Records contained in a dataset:
BEGIN

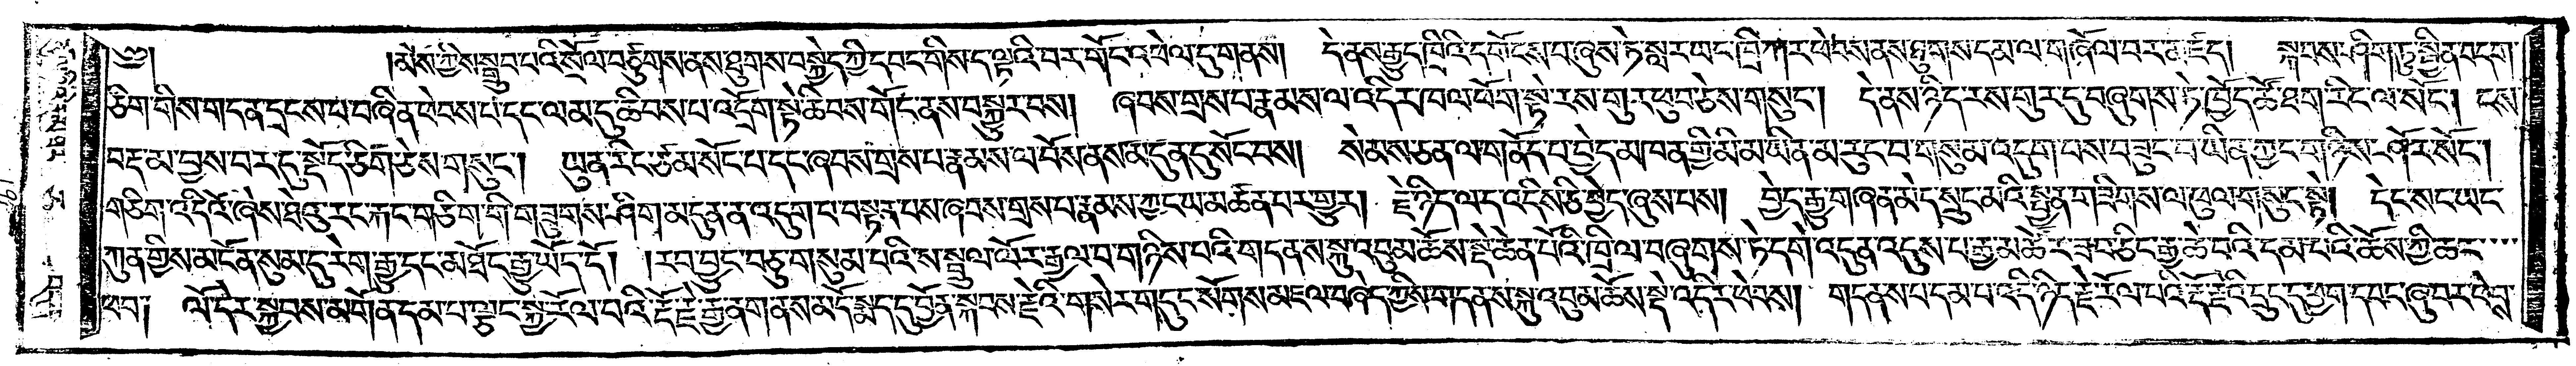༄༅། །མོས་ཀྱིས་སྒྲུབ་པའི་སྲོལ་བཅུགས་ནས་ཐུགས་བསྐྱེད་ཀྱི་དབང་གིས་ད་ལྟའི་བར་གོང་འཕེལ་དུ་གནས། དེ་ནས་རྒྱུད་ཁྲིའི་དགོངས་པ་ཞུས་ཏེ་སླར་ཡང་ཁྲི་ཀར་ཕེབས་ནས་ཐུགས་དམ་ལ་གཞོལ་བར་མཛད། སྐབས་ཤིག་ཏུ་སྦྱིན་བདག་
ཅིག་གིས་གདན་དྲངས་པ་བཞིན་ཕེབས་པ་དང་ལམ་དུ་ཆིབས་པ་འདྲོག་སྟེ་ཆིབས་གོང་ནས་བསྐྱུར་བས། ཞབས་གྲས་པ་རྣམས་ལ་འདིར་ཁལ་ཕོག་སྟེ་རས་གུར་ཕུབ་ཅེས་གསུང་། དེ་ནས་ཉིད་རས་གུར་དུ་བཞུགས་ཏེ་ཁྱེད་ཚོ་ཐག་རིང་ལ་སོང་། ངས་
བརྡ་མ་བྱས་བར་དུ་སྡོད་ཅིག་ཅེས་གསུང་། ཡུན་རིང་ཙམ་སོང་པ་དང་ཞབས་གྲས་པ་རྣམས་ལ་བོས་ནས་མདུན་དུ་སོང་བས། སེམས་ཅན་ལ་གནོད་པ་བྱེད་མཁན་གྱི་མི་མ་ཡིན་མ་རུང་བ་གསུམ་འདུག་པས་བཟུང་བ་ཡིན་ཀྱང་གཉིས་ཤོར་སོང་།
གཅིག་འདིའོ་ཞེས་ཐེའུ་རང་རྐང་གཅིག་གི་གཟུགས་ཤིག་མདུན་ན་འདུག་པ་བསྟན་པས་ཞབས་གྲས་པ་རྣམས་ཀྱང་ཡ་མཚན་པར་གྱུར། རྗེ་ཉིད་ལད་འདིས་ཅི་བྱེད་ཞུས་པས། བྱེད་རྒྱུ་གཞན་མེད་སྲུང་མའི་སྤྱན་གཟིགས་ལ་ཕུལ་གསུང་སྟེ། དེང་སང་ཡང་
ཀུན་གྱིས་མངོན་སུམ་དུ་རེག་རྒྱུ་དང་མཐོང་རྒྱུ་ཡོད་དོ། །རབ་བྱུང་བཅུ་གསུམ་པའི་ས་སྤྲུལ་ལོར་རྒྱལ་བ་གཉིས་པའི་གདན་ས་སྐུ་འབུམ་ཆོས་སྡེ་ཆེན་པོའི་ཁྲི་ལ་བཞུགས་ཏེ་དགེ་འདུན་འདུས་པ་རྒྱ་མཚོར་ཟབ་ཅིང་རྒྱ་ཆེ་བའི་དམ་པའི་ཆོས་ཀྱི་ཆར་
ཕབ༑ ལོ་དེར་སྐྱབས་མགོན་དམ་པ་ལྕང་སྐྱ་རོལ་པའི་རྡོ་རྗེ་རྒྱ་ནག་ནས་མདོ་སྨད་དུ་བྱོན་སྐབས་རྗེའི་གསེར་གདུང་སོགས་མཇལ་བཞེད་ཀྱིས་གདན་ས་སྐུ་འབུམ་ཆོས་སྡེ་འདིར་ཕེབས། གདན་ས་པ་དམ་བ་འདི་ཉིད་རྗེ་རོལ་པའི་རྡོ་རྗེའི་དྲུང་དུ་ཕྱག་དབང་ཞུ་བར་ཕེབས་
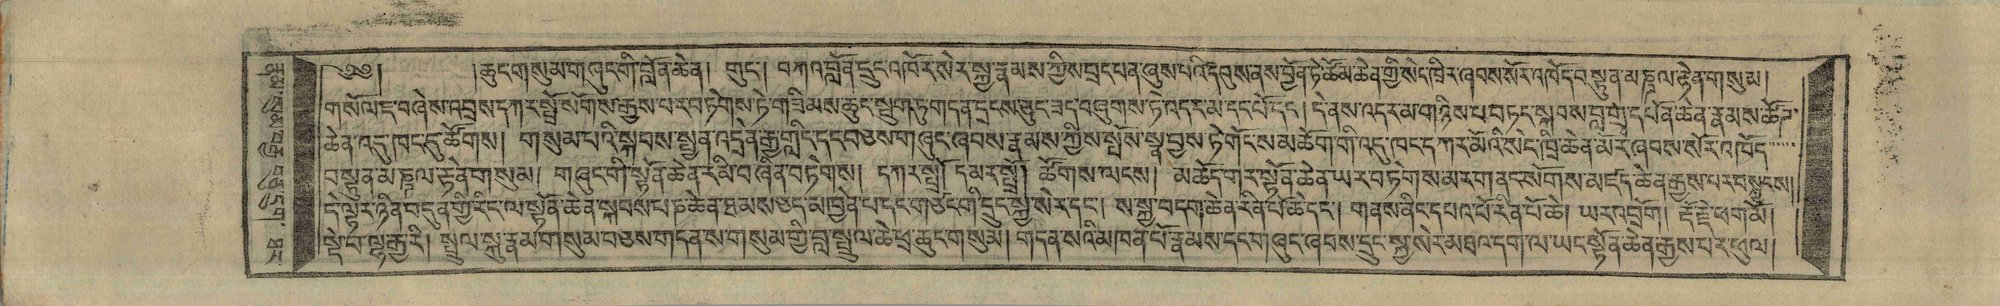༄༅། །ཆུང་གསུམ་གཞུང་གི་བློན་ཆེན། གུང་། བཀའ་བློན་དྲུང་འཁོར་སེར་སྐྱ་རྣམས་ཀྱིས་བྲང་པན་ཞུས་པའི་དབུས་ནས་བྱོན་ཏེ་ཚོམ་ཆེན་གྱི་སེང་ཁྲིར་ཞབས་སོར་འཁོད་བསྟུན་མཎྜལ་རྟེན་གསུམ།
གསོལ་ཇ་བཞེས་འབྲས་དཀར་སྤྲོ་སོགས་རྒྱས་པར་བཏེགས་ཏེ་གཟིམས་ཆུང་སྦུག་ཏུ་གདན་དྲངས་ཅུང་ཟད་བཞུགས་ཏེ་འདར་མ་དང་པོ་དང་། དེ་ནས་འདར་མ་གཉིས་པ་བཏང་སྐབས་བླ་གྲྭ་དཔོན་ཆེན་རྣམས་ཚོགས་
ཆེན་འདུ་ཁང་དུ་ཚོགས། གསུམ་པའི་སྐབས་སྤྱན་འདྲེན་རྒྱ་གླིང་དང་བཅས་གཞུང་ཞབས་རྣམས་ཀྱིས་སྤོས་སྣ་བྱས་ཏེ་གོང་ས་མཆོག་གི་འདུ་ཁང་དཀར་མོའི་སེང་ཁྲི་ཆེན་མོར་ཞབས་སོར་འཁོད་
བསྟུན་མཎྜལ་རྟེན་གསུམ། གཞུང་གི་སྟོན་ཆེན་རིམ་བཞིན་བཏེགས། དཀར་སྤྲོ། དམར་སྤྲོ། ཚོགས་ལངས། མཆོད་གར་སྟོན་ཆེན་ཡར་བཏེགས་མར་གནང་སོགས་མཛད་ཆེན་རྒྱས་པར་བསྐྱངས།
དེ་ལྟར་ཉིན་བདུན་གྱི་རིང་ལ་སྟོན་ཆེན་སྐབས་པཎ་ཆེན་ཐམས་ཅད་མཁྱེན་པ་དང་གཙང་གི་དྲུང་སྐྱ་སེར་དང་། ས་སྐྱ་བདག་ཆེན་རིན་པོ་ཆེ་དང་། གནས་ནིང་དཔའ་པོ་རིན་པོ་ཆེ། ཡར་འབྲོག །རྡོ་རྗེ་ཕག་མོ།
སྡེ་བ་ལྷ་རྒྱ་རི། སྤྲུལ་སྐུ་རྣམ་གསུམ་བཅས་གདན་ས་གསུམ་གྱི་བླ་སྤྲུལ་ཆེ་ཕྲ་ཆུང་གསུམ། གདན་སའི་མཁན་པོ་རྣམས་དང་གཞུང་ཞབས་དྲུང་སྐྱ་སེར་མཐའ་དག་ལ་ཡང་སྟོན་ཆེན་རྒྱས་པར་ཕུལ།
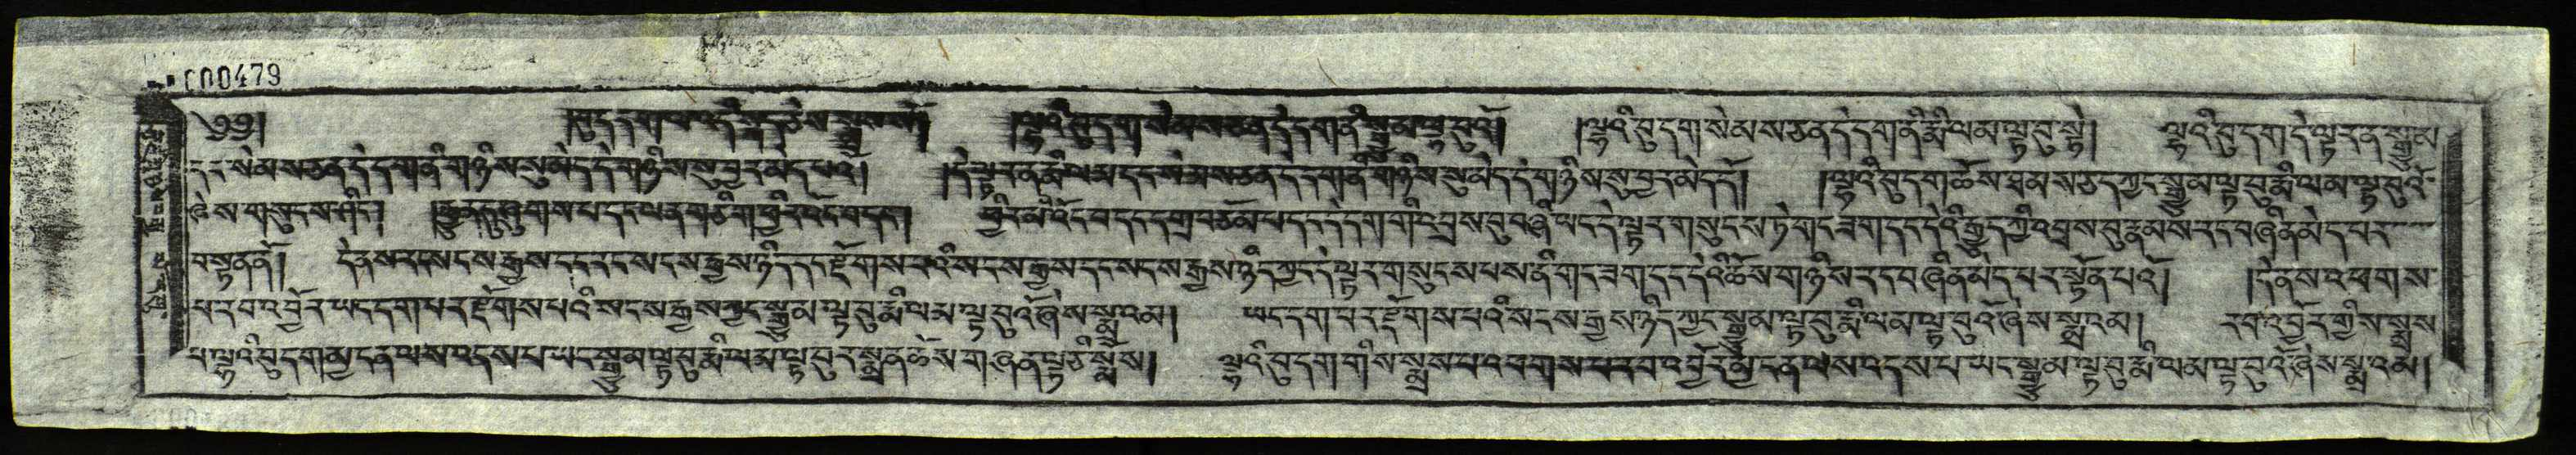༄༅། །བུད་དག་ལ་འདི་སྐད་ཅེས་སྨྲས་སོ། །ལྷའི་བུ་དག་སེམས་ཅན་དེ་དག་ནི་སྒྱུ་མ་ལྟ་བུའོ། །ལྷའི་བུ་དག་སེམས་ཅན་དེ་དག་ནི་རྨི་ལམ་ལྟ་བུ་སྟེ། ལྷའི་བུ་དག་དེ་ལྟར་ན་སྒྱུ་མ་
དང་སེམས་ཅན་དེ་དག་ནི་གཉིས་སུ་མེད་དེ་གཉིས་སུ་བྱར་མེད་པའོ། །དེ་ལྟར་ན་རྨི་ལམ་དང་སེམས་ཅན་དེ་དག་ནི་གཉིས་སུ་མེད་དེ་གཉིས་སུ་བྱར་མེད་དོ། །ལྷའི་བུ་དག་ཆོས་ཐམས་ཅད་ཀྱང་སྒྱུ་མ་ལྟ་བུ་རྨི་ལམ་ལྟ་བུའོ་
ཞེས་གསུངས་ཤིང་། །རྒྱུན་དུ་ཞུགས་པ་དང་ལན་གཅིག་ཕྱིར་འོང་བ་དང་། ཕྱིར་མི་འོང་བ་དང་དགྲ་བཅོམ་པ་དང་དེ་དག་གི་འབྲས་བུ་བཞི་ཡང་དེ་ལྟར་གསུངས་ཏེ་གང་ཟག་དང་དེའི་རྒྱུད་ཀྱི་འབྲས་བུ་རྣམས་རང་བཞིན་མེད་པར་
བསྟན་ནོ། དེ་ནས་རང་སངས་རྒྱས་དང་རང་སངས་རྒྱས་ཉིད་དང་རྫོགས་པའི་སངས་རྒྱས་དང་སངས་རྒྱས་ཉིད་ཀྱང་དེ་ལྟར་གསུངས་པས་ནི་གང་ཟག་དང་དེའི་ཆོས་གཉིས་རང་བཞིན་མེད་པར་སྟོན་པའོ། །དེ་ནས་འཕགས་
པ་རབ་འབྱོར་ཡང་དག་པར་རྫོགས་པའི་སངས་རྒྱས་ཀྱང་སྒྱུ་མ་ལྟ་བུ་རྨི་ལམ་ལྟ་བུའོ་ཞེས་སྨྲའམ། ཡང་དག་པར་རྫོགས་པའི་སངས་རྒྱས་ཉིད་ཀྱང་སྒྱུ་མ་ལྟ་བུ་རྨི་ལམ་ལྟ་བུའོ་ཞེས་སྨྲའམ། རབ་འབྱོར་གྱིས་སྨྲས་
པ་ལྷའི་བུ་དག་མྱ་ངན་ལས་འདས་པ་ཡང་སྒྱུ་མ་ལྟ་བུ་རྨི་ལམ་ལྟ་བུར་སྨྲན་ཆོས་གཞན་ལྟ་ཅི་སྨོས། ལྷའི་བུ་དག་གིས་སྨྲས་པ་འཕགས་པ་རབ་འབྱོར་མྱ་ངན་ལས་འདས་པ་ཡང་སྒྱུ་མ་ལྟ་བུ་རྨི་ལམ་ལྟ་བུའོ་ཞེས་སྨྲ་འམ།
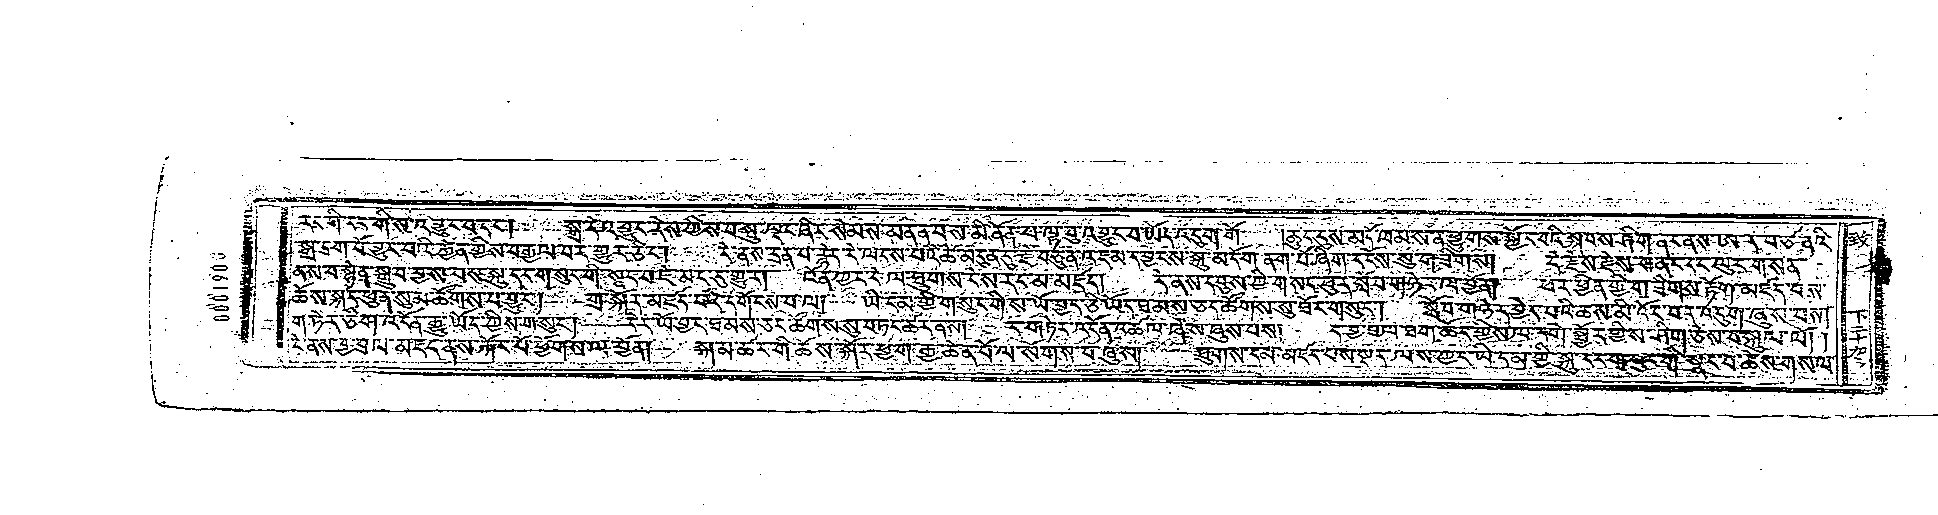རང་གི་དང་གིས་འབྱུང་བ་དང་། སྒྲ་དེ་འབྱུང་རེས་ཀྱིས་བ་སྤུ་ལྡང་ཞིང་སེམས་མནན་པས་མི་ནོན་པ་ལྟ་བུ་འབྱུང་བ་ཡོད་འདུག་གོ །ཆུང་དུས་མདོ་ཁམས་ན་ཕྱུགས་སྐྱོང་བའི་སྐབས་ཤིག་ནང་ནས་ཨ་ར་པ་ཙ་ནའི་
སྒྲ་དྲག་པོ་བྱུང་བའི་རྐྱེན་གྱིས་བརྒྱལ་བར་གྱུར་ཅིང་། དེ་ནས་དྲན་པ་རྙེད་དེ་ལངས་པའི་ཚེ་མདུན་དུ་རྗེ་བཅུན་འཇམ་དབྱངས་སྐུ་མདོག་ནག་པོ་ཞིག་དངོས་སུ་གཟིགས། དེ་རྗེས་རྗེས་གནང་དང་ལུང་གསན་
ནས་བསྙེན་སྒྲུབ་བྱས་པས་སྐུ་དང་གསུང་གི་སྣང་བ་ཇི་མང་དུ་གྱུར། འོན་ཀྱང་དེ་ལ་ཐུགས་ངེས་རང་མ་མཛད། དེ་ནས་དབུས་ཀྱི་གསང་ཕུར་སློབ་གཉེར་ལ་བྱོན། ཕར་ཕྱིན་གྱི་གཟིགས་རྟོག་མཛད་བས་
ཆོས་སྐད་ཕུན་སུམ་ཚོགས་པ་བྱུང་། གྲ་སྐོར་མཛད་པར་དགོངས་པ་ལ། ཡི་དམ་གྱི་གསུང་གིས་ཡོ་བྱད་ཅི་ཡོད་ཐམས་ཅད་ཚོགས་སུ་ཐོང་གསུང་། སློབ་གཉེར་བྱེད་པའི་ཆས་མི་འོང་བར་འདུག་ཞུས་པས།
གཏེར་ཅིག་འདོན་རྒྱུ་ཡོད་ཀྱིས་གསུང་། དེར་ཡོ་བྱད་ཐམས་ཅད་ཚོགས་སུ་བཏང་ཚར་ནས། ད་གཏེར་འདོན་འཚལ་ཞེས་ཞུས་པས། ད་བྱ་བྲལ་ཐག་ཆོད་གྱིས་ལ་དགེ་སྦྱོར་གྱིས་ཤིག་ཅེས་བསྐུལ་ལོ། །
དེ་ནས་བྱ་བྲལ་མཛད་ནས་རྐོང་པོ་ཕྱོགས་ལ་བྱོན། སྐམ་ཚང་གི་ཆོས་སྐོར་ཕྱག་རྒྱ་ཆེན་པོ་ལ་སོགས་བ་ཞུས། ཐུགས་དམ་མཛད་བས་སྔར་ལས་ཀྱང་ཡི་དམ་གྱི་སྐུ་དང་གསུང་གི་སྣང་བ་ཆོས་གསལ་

END

Task objective: Number of lines above containing the word "འཕགས": state it and add nothing else.

Solution to the exercise: 2